The humanitarian worker, fifty-two, who has devoted more than 20 years working for charitable groups in conflict zones, inadvertently inherited the grape garden when she returned to the UK from East Africa with her family in recent years. She experienced an overwhelming duty to maintain the grapevines in the garden of their new home. "This vineyard has already survived multiple proprietors," she says. "I deeply appreciate the concept of natural stewardship – of passing this on to someone else so they can keep cultivating from the soil."

Terraced Gardens and Traditional Winemaking

A short walk away, the remaining cultivators of the group are hard at work on the steep inclines of the local river valley. One filmmaker has cultivated more than 150 plants perched on ledges in her wild half-acre garden, which tumbles down towards the silty local waterway. "People are always surprised," she notes, indicating the tangled vineyard. "It's astonishing to them they can see grapevine lines in a urban neighborhood."

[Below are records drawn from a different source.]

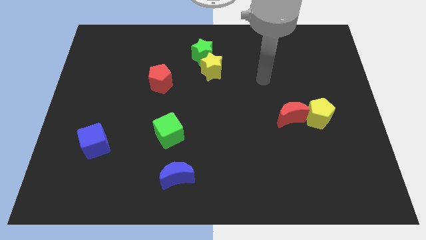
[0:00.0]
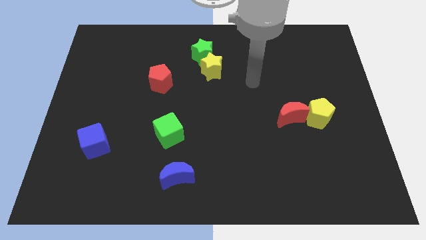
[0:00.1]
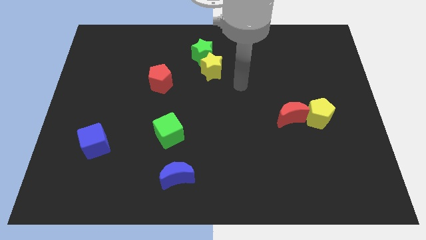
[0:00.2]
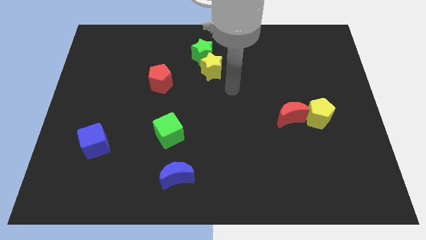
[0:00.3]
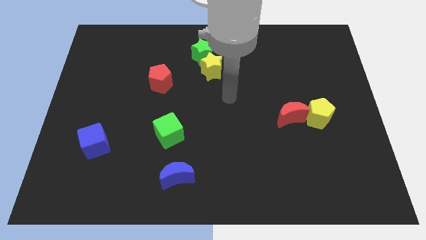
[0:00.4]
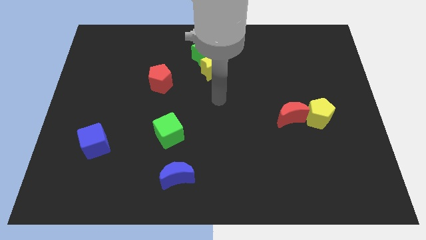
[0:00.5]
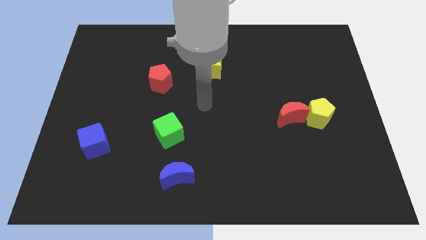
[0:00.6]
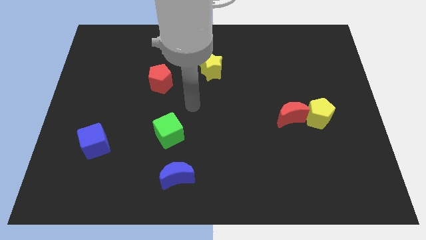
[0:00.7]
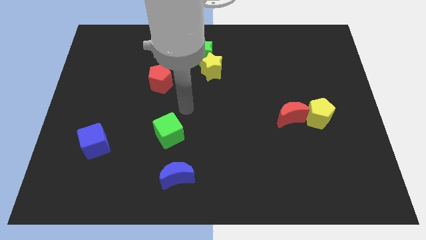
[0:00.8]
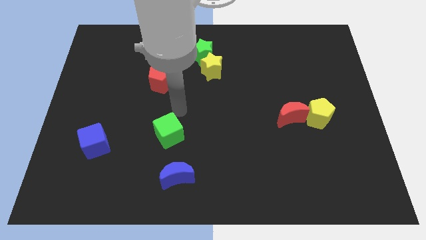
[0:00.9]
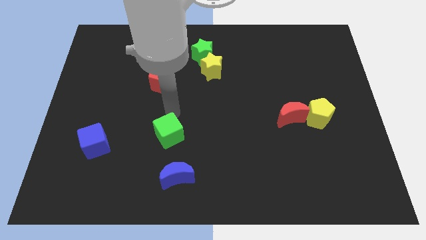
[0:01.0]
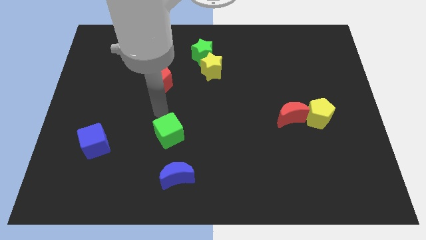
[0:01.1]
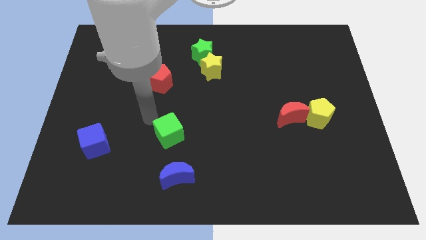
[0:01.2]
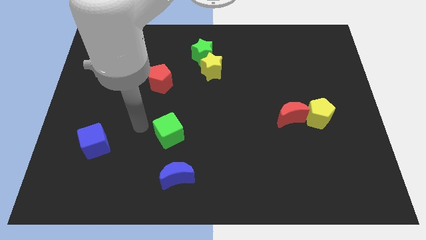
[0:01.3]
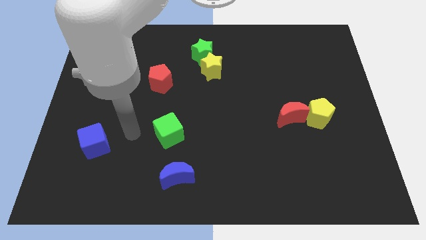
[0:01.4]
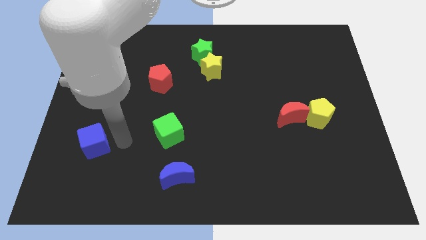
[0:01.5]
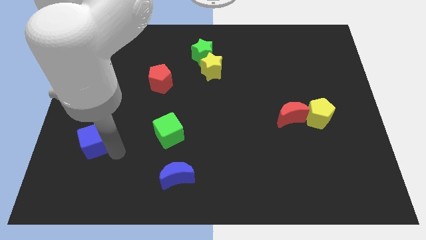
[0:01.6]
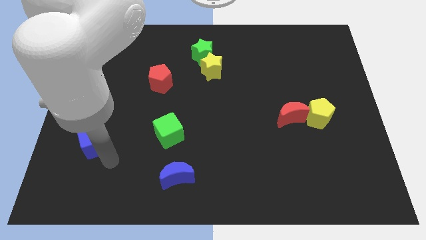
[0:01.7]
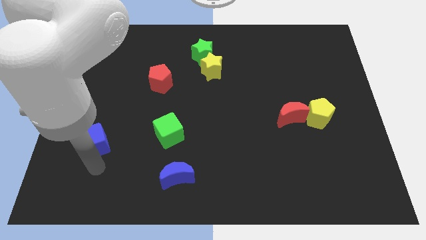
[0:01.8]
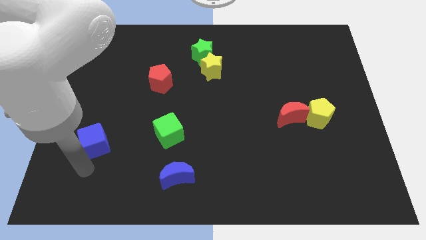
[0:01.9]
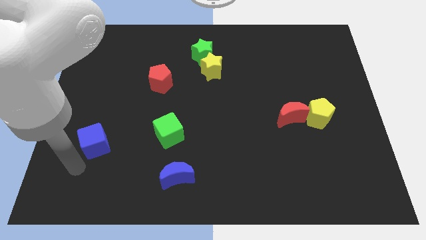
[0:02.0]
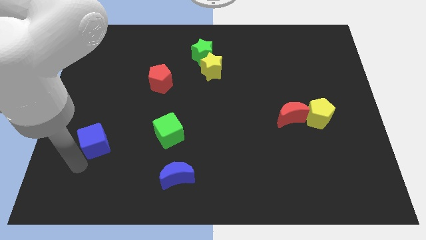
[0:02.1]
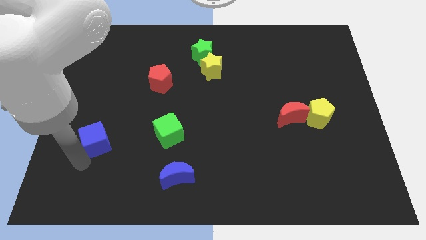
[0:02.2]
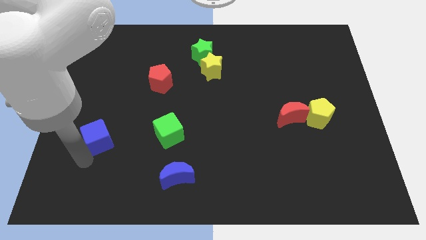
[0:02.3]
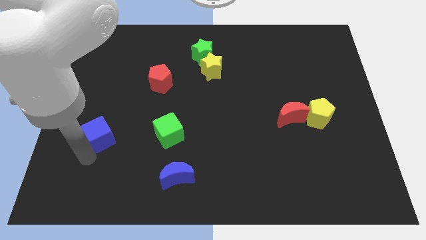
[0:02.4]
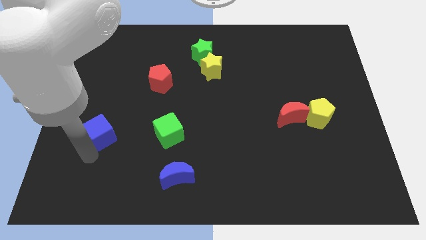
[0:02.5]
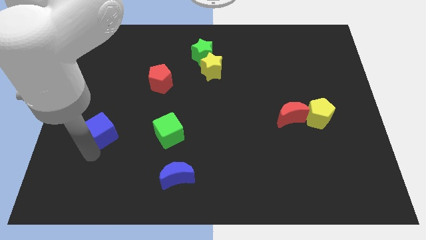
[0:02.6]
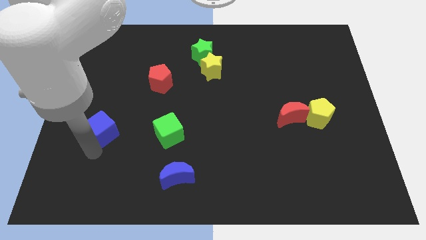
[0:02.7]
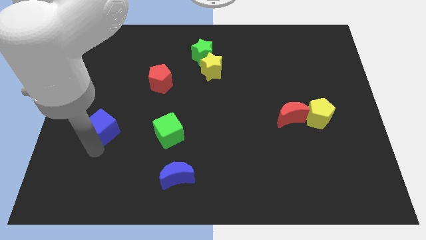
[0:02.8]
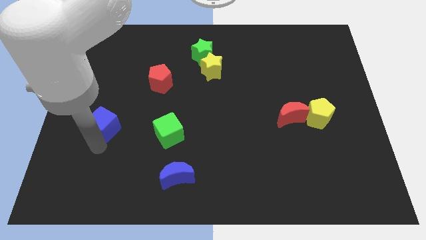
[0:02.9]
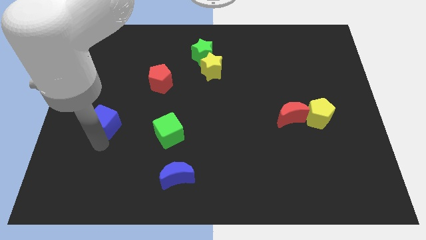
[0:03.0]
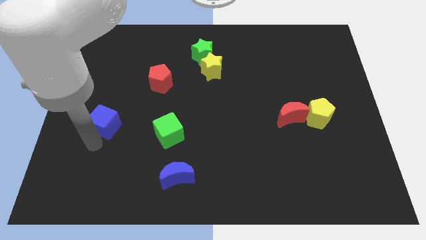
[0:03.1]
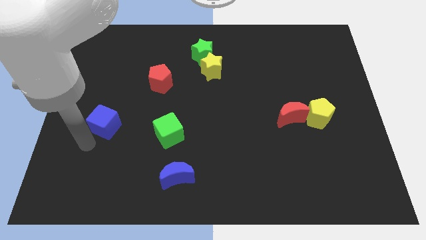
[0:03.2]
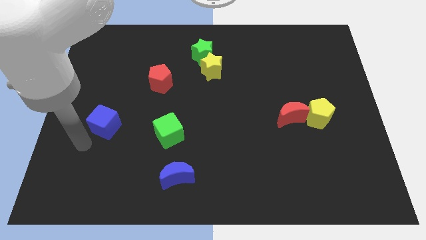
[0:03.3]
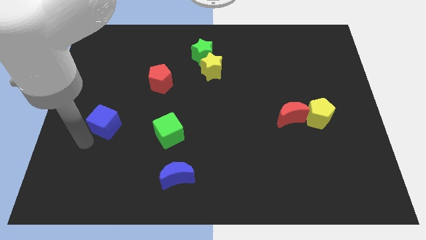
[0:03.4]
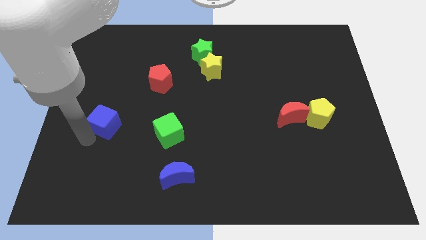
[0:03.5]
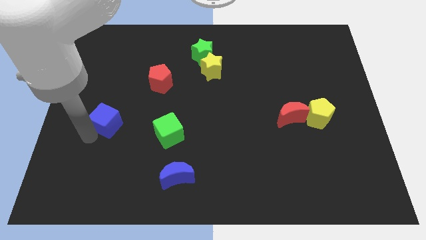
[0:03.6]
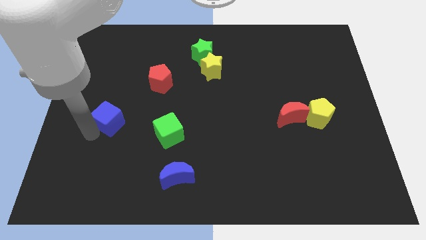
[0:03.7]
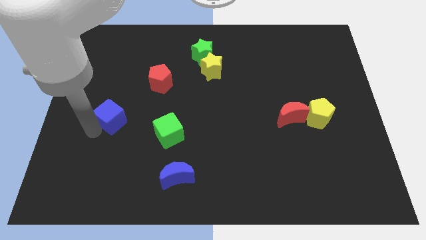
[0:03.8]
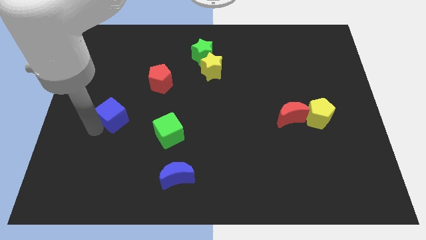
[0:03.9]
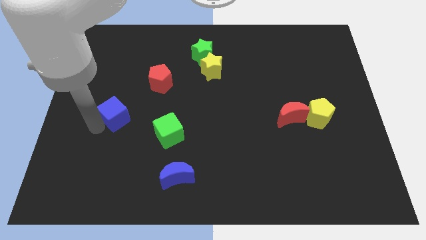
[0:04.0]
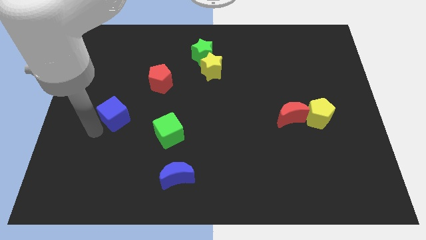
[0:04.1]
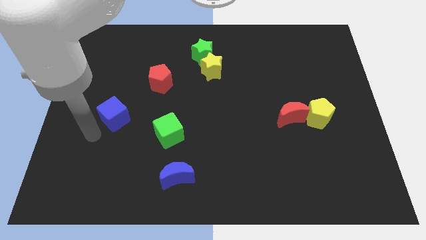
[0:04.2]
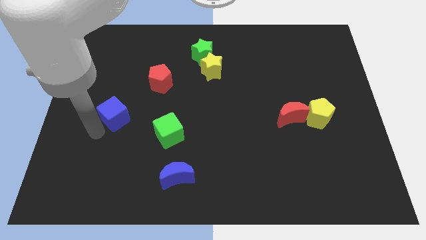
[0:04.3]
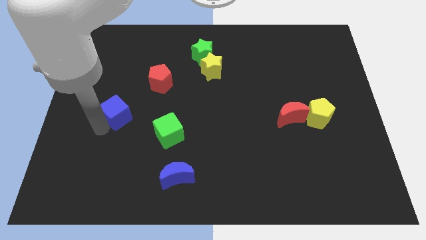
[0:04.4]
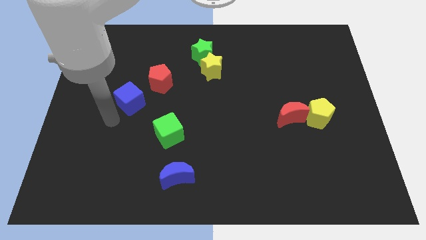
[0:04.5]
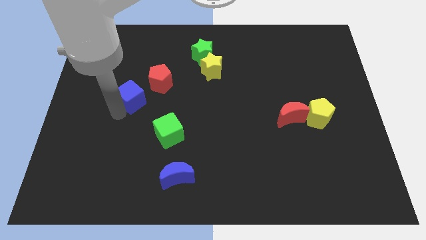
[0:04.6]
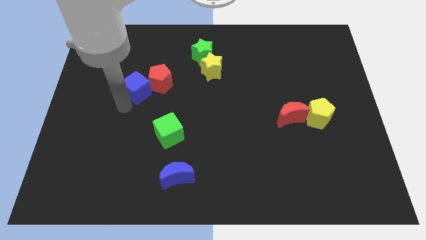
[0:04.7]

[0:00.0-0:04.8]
slide the blue cube close to the red pentagon

Today, the filmmaker, sixty, is picking bunches of dusty purple Rondo grapes from rows of vines arranged along the hillside with the assistance of her daughter, Luca. The conservationist, a wildlife and conservation film-maker who has worked on streaming service's nature programming and television network's Gardeners' World, was inspired to plant grapes after observing her neighbor's vines. She has learned that hobbyists can produce interesting, enjoyable traditional vintage, which can sell for upwards of £7 a serving in the growing number of wine bars specialising in minimal-intervention vintages. "It's just incredibly satisfying that you can actually make good, natural wine," she states. "It's very on trend, but in reality it's reviving an old way of making wine."

"During foot-stomping the fruit, the various wild yeasts are released from the skins into the liquid," says Scofield, partially submerged in a container of tiny stems, pips and crimson juice. "This represents how wines were historically produced, but industrial wineries introduce preservatives to eliminate the wild yeast and subsequently incorporate a lab-grown culture."

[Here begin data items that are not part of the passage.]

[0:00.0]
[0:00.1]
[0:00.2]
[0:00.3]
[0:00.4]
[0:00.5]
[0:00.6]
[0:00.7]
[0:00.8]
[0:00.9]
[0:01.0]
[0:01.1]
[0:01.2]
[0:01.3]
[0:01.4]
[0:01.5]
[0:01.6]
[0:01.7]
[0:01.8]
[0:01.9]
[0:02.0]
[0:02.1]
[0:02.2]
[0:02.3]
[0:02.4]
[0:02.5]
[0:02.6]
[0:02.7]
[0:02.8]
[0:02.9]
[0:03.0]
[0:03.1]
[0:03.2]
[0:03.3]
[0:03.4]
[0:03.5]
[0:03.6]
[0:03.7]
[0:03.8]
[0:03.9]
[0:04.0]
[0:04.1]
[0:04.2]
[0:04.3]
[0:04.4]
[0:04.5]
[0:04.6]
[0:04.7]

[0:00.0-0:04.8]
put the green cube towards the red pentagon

Difficult Environments and Creative Solutions

In the immediate vicinity active senior Bob Reeve, who inspired Scofield to plant her grapevines, has assembled his companions to harvest white wine varieties from one hundred plants he has arranged precisely across multiple levels. The former teacher, a northern English PE teacher who taught at Bristol University developed a passion for viticulture on annual sporting trips to France. But it is a challenge to grow Chardonnay grapes in the humidity of the valley, with temperature fluctuations sweeping in and out from the nearby estuary. "I wanted to make Burgundian wines in this location, which is a bit bonkers," admits the retiree with amusement. "This variety is late to ripen and very sensitive to mildew."

"I wanted to make European-style vintages in this environment, which is a bit bonkers"

The temperamental Bristol climate is not the sole problem encountered by winegrowers. Reeve has been compelled to erect a barrier on

Charles Lopez
Charles Lopez

A passionate traveler and writer sharing unique journeys and cultural discoveries from over 50 countries.